No, it's not possible, because MUI is fucking ridiculous. I don't even know if this is a problem with naming, format, some kind of dumb JS-to-CSS translation thing (the theme object rejects the name tag-chip as invalid which is fair enough, but I get wildly different (and irritatingly useless) errors from the component when I try tagChip vs tag-chip), and as is par for the course for MUI styling, I struggle to find good information on how to make anything beyond the most basic customizations, because whoever writes their docs doesn't seem to have a grasp of the concept that I'm reading this page because I DON'T KNOW, so you need to EXPLAIN things to me, not put up a single, incredibly narrow example and say "good luck!"

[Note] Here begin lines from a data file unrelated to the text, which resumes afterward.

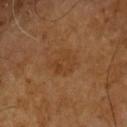<case>
<biopsy_status>not biopsied; imaged during a skin examination</biopsy_status>
<patient>
  <sex>male</sex>
  <age_approx>60</age_approx>
</patient>
<image>
  <source>total-body photography crop</source>
  <field_of_view_mm>15</field_of_view_mm>
</image>
<automated_metrics>
  <cielab_L>38</cielab_L>
  <cielab_a>20</cielab_a>
  <cielab_b>33</cielab_b>
  <vs_skin_darker_L>5.0</vs_skin_darker_L>
  <vs_skin_contrast_norm>5.0</vs_skin_contrast_norm>
  <border_irregularity_0_10>5.0</border_irregularity_0_10>
  <color_variation_0_10>2.5</color_variation_0_10>
  <peripheral_color_asymmetry>1.0</peripheral_color_asymmetry>
  <lesion_detection_confidence_0_100>100</lesion_detection_confidence_0_100>
</automated_metrics>
<lesion_size>
  <long_diameter_mm_approx>3.5</long_diameter_mm_approx>
</lesion_size>
<site>right arm</site>
</case>

But anyways, resentments against MUI aside... This is more trouble than it's worth, and having the theme close by to edit has it's advantages (although if user customization of themes ever comes into play, that may flip back around). However, I did find that both Tag.js and ExcessTag.js are using this same structure (I think literally copy-pasted), so maybe moving it up one level and passing the same theme to both of them would be an easy and worthwhile improvement. See #137 that supersedes this issue.